Focus : Renoir et la décoration.
Renoir qui a d’abord été peintre sur Porcelaine, a ensuite décoré des cafés pour gagner sa vie avant de réaliser des commandes pour des particuliers. Lorsqu’il expose son tableau grand-format Les grandes baigneuses en 1887, il inscrit en sous-titre Essai de peinture décorative.
Inspirées d’un bas-relief (Bain des Nymphes de Girardon), les baigneuses restent en un sens attachées au mur qui va les recevoir. C’est le propre du bas relief. Elles rappellent ce rôle d’interface entre le mur nu et la pièce habitée, elles s’extraient du plan pour se rendre visible mais sans s’en détacher. Dega et Morisot ont également travaillé le relief. Or d’un point de vue plastique le relief est par essence dépendant du mur.

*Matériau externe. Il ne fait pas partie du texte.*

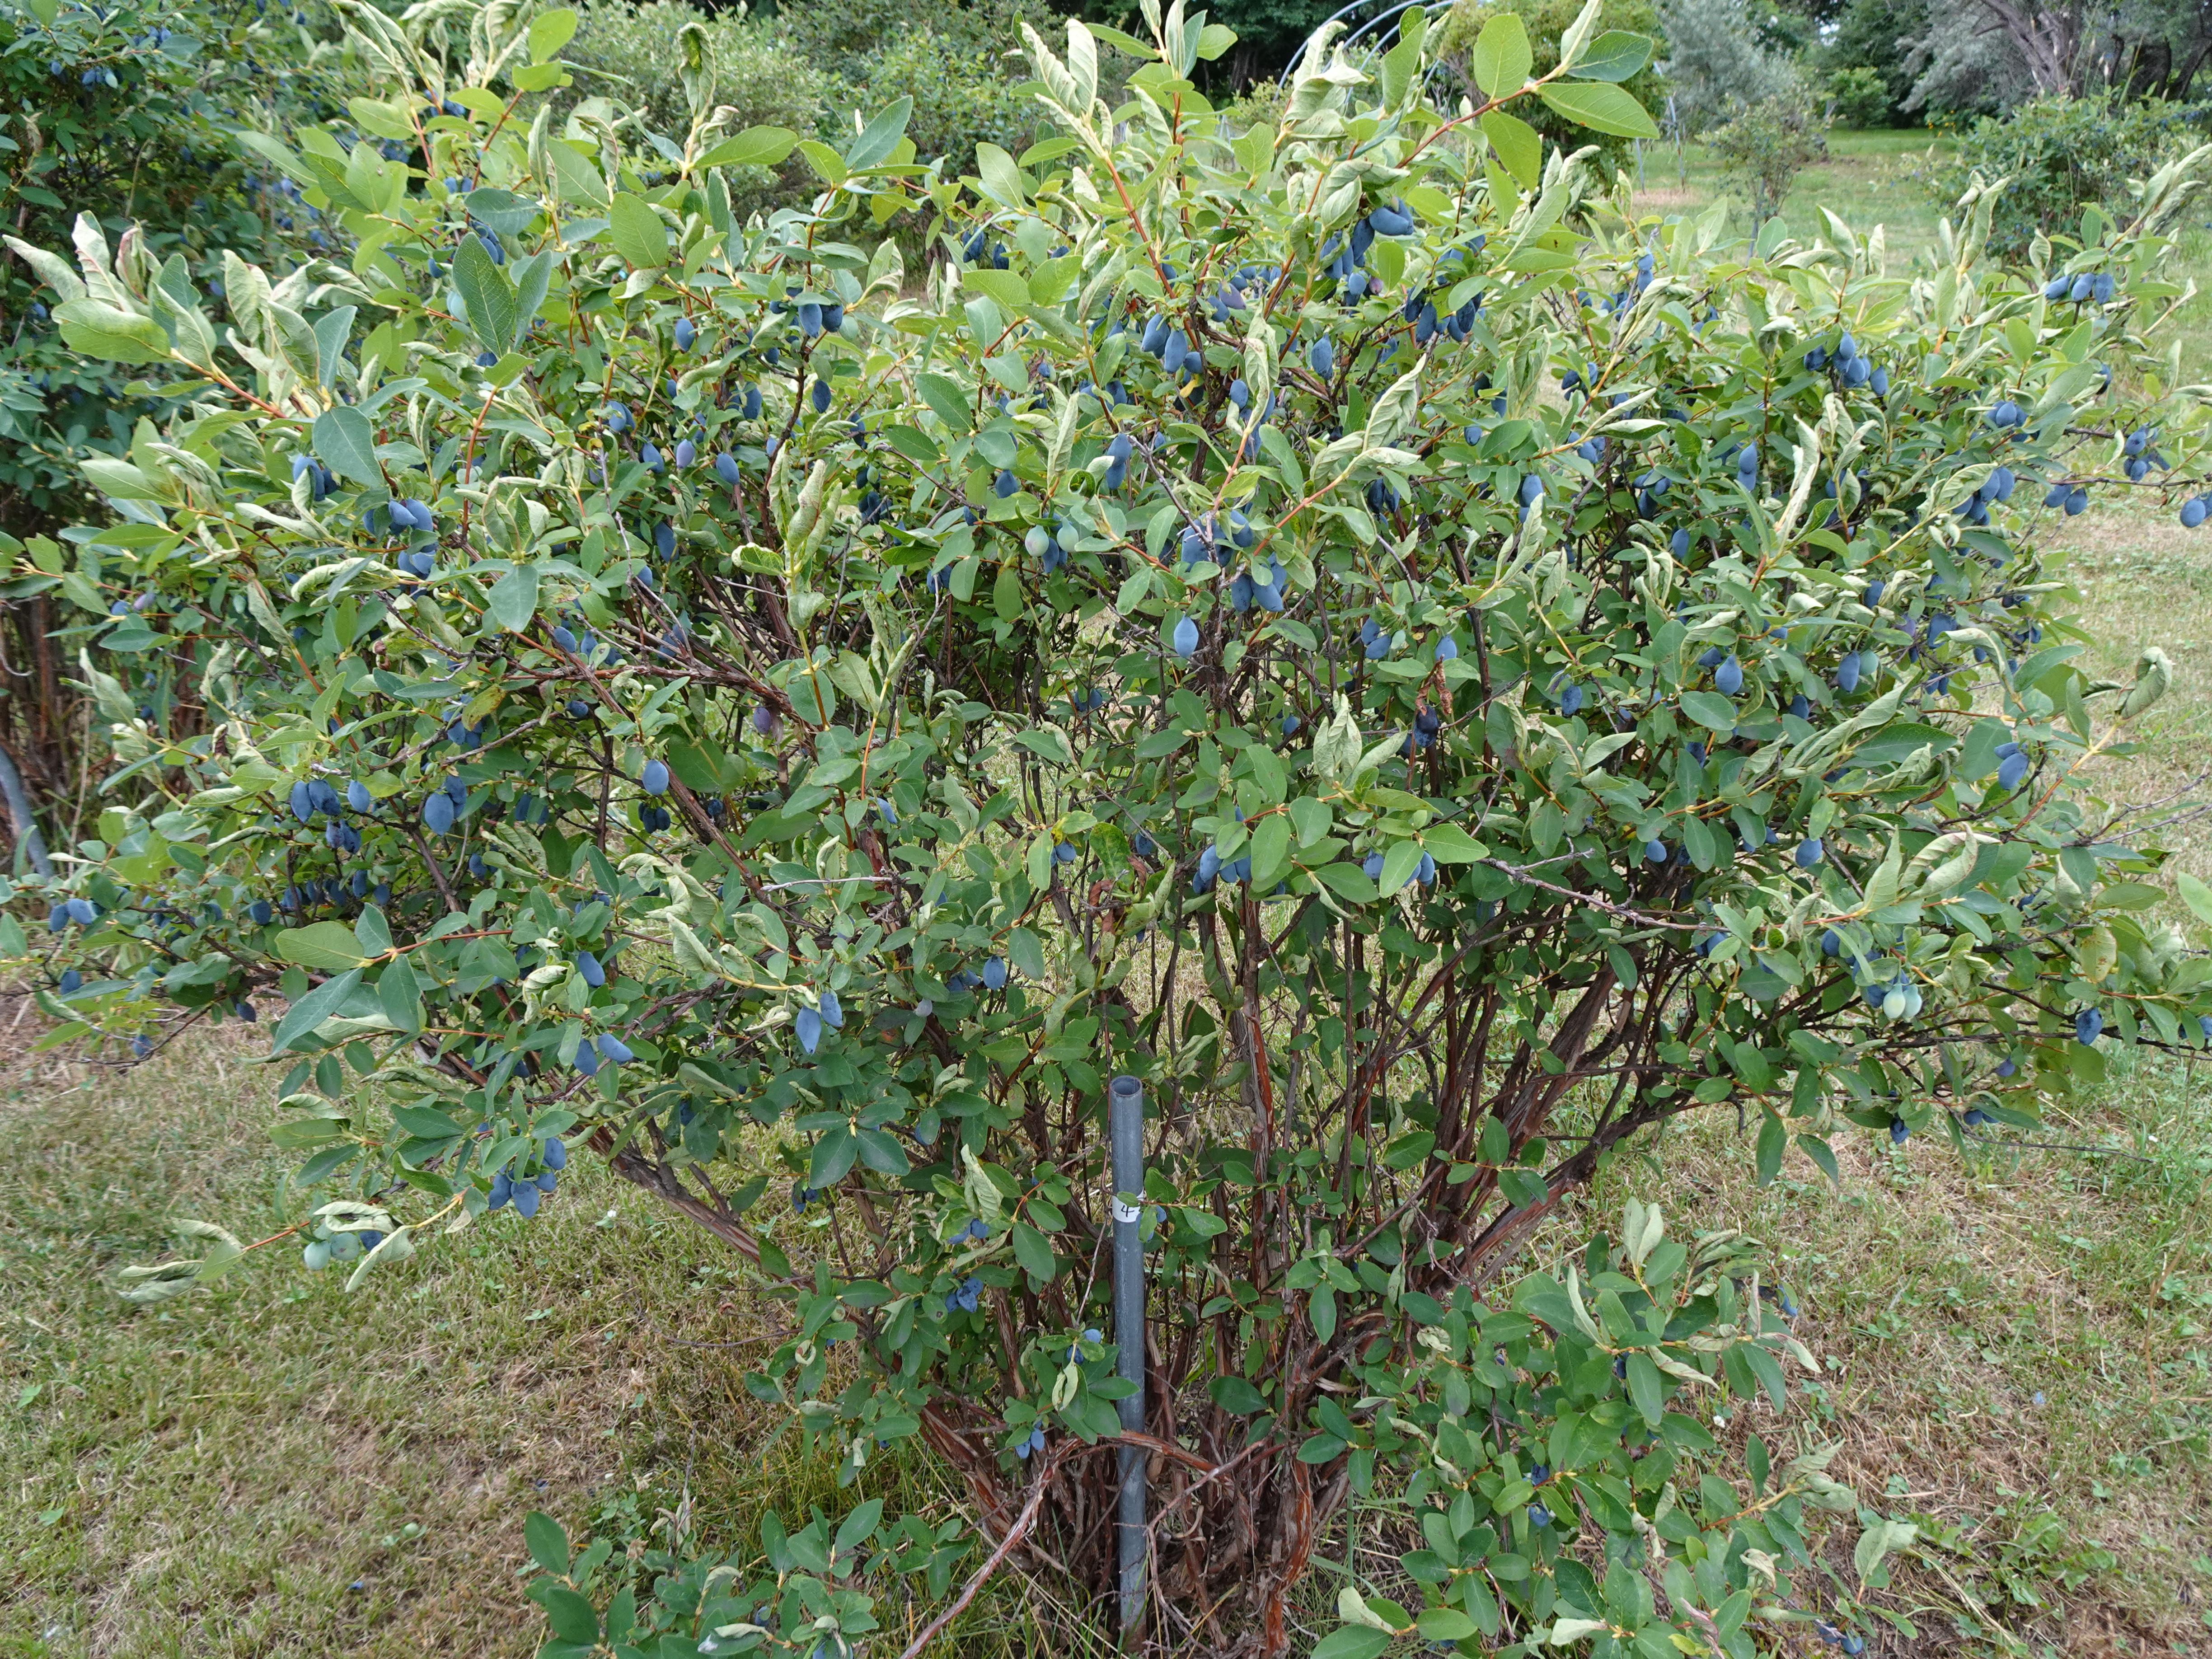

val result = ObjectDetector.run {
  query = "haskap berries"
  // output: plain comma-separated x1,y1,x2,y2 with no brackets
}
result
1106,432,1130,465
1834,330,1857,362
1576,289,1593,308
589,462,604,484
993,470,1020,498
1088,318,1106,342
643,761,670,799
1270,565,1286,589
1150,1204,1170,1222
1759,1286,1777,1301
1691,322,1707,333
1715,661,1744,696
1864,579,1887,607
461,694,486,733
1351,217,1376,266
1528,1503,1550,1526
947,975,970,993
606,647,623,664
1037,364,1050,377
488,845,500,875
2075,1008,2105,1046
2124,455,2137,474
674,438,697,466
552,542,569,554
404,493,436,542
806,1187,819,1205
1765,826,1780,845
1786,695,1813,722
284,887,304,910
1364,637,1393,658
994,243,1010,273
641,443,665,473
991,391,1012,418
867,465,880,484
690,412,709,440
444,177,456,192
1676,600,1694,621
292,455,327,499
1362,852,1385,879
1561,370,1581,388
1072,689,1087,713
1359,612,1381,647
946,1221,973,1243
1239,409,1262,457
327,719,340,734
826,1338,837,1346
965,506,982,526
1982,1115,2001,1126
2006,625,2024,649
424,788,453,837
473,220,501,242
1968,493,1989,521
1842,1629,1863,1655
1643,839,1668,866
1255,270,1271,291
1270,266,1284,283
1229,377,1247,412
1997,468,2016,502
981,956,1007,992
1963,1107,1985,1126
598,1035,635,1065
817,986,845,1028
1693,944,1707,956
1881,981,1904,1019
1679,882,1695,902
1367,206,1410,236
512,792,540,826
1563,387,1589,401
1411,1470,1423,1481
1236,855,1254,883
66,898,98,930
1388,198,1415,236
1493,388,1510,417
1616,708,1636,731
1895,967,1910,992
1147,1229,1155,1241
567,698,590,720
868,491,881,522
761,436,780,463
2129,460,2147,483
443,709,467,747
1024,521,1050,557
575,951,607,985
310,776,342,818
1088,687,1102,708
737,1086,748,1097
1200,846,1222,880
770,287,806,313
1836,654,1865,696
1404,729,1430,759
1616,1350,1635,1378
915,998,934,1017
1160,261,1177,289
525,1152,558,1191
1696,647,1724,676
847,416,868,444
110,597,132,617
1760,612,1790,641
1192,869,1211,895
2065,491,2091,516
1049,848,1058,867
1454,297,1482,333
389,521,405,537
303,1240,331,1271
1615,296,1634,320
1737,444,1759,473
839,917,856,941
1403,285,1428,324
1478,900,1495,923
152,912,165,926
1682,380,1699,408
934,890,949,908
718,885,724,896
655,809,672,831
1390,627,1410,651
47,903,79,935
372,866,390,876
970,1218,992,1239
1989,740,2030,758
1664,404,1689,424
1981,466,2000,504
59,970,84,994
162,918,179,941
1985,401,2007,427
1825,767,1849,781
444,775,468,811
632,563,658,591
1238,257,1257,279
879,1438,890,1448
1955,545,1971,556
1755,939,1776,975
1701,931,1731,960
1057,550,1070,570
1435,635,1459,664
1415,708,1441,740
1184,351,1207,374
408,582,428,598
1864,978,1893,1007
1479,482,1495,500
652,520,676,564
962,231,975,263
282,572,300,584
1923,670,1940,696
1613,393,1632,420
675,317,695,353
135,1034,149,1058
354,869,371,899
855,468,869,490
326,820,345,851
1550,669,1575,692
1334,231,1356,274
1704,307,1720,321
1212,525,1232,566
536,807,553,826
294,626,306,638
325,1232,357,1259
1473,375,1495,401
644,807,659,835
1437,1639,1456,1649
1234,807,1244,822
1107,382,1129,409
1858,650,1880,677
145,673,156,686
339,819,362,855
362,508,377,534
1615,261,1635,271
756,1606,773,1623
1344,666,1359,694
1182,512,1219,565
1995,402,2018,429
784,316,801,341
2027,628,2041,644
673,623,690,641
1163,328,1187,374
1974,647,1987,662
235,1001,259,1023
486,350,499,370
747,792,759,810
2039,482,2073,507
1994,580,2011,599
1279,330,1299,355
1048,364,1057,382
360,1225,382,1249
1685,741,1707,768
1450,242,1468,272
2125,425,2151,452
1468,235,1486,255
876,798,901,826
934,562,957,591
460,177,475,195
411,548,436,572
475,238,500,269
1567,432,1581,447
1924,616,1953,651
1824,509,1841,523
1102,295,1115,309
1889,1118,1910,1143
1470,290,1484,312
2043,276,2069,302
481,800,499,815
1381,482,1404,518
2091,362,2112,393
471,456,484,467
553,627,578,654
621,404,636,429
1226,509,1257,546
139,705,153,719
738,380,763,423
2178,1015,2212,1041
452,292,472,326
1735,469,1757,492
708,799,725,816
231,594,247,614
1368,274,1385,295
1216,278,1251,311
1821,1622,1844,1644
288,781,311,824
1518,473,1544,511
1417,852,1438,888
1795,839,1824,867
1416,513,1428,524
448,458,457,474
1055,838,1079,862
1224,266,1250,290
1030,1428,1046,1453
2089,273,2114,304
487,1173,514,1211
753,704,772,736
1992,1059,2016,1078
542,1135,567,1171
1282,714,1302,738
1710,412,1733,441
1563,543,1576,563
581,628,598,656
2017,892,2038,909
1184,371,1205,405
1058,518,1080,552
726,383,743,414
1434,248,1454,284
1901,988,1929,1024
1043,539,1060,580
1140,314,1170,354
1930,576,1946,599
476,1117,494,1133
1257,381,1278,422
1311,333,1337,376
1987,556,2005,569
367,869,380,886
1825,471,1847,498
141,895,156,905
1579,436,1606,465
1422,402,1438,421
1741,518,1752,530
1066,1343,1086,1365
249,899,273,924
1518,507,1531,522
1669,528,1693,564
330,881,346,906
446,661,459,671
1171,613,1199,662
1157,539,1176,564
516,943,535,977
678,1098,698,1125
385,502,418,527
1741,839,1757,853
1016,1438,1033,1459
1821,924,1843,954
571,1036,598,1076
1230,576,1254,613
2001,591,2024,611
525,328,535,340
914,1124,939,1146
1082,384,1100,399
1636,244,1655,271
1254,567,1286,614
1344,277,1361,306
573,899,591,914
1731,704,1741,738
375,884,393,904
2195,493,2212,518
1909,646,1920,664
924,569,942,594
657,625,687,659
1783,1294,1799,1317
639,802,651,821
1636,487,1663,519
643,886,662,897
857,493,871,514
1841,355,1869,388
1104,460,1125,492
820,286,844,331
810,378,832,415
1367,479,1384,517
493,241,506,265
1153,432,1165,452
2154,455,2170,470
1865,368,1887,400
469,855,486,877
513,1059,533,1078
322,467,346,495
1082,1329,1104,1344
791,1184,806,1215
831,1304,848,1321
1349,271,1370,295
1601,290,1619,311
605,400,629,434
427,259,446,277
1134,830,1161,862
745,327,754,344
1850,947,1875,981
592,894,611,907
511,1179,540,1220
1272,880,1288,906
2003,656,2023,684
1402,863,1423,886
536,318,547,326
1051,245,1070,259
306,879,334,908
1858,469,1871,490
201,901,227,927
962,969,981,986
796,1004,822,1055
1996,753,2028,790
581,898,595,913
1136,929,1146,943
798,298,822,335
1413,300,1442,343
1581,360,1599,391
813,1639,833,1658
717,452,744,486
1108,322,1124,341
764,346,780,367
1381,337,1399,361
1464,422,1486,449
396,550,419,575
1217,856,1237,883
1646,475,1670,499
475,352,489,365
957,1286,978,1314
1434,314,1452,335
1633,473,1655,487
1894,613,1920,641
1560,686,1587,717
2070,273,2096,303
965,227,990,260
1321,235,1343,277
1034,391,1048,409
465,731,483,750
945,1293,960,1313
1447,315,1467,343
1205,295,1231,325
1949,493,1976,515
347,778,371,815
892,522,908,546
2010,432,2027,442
964,1276,987,1294
1637,271,1655,293
565,598,590,622
2176,499,2205,529
666,380,679,399
134,593,156,609
1419,521,1430,531
1676,843,1692,866
2013,406,2029,426
1803,332,1830,370
1938,676,1951,696
632,519,645,540
1531,1462,1552,1486

Cette proximité qui est en fait largement passée sous silence par les expositions est d’ailleurs un argument des critiques de l’exposition impressionniste de 1877 qui leur reprochent d’être “des décorateurs qui ont le sentiment des grandes masses” et qui dénoncent ce qui “ne sera jamais qu’une école décorative, c’est-à-dire secondaire”.
Face à cela, Renoir écrit : “Tout le monde aujourd’hui s’occupe du tableau, mais tout le monde laisse absolument de côté un art qui a été la gloire française et qui n’existe plus aujourd’hui. Je veux dire l’art décoratif. […] C’est pourquoi je crois utile de faire tout son possible pour relever cet art tombé au plus bas. Je vais y tâcher.” Pour Renoir tout ce qui est apposé sur une forme première est ornement. Une fenêtre dans une maison, des fleurs sur une tasse, un tableau sur un mur.
Conclusion
Ainsi l’objet d’art, soigneusement choisi et investi, a toute sa place dans nos intérieurs. C’est en somme ce qu’écrit Monet se confiant à Roger Marx : “Un moment la tentation m’est venue d’employer à la décoration d’un salon ce thème des nymphéas : transporté le long des murs, enveloppant toutes les parois de son unité, il aurait procuré l’illusion d’un tout sans fin, d’une onde sans horizon et sans rivage ; les nerfs surmenés par le travail se seraient détendus là […] et, à qui l’eût habité, cette pièce aurait offert l’asile d’une méditation paisible au centre d’un aquarium fleuri.”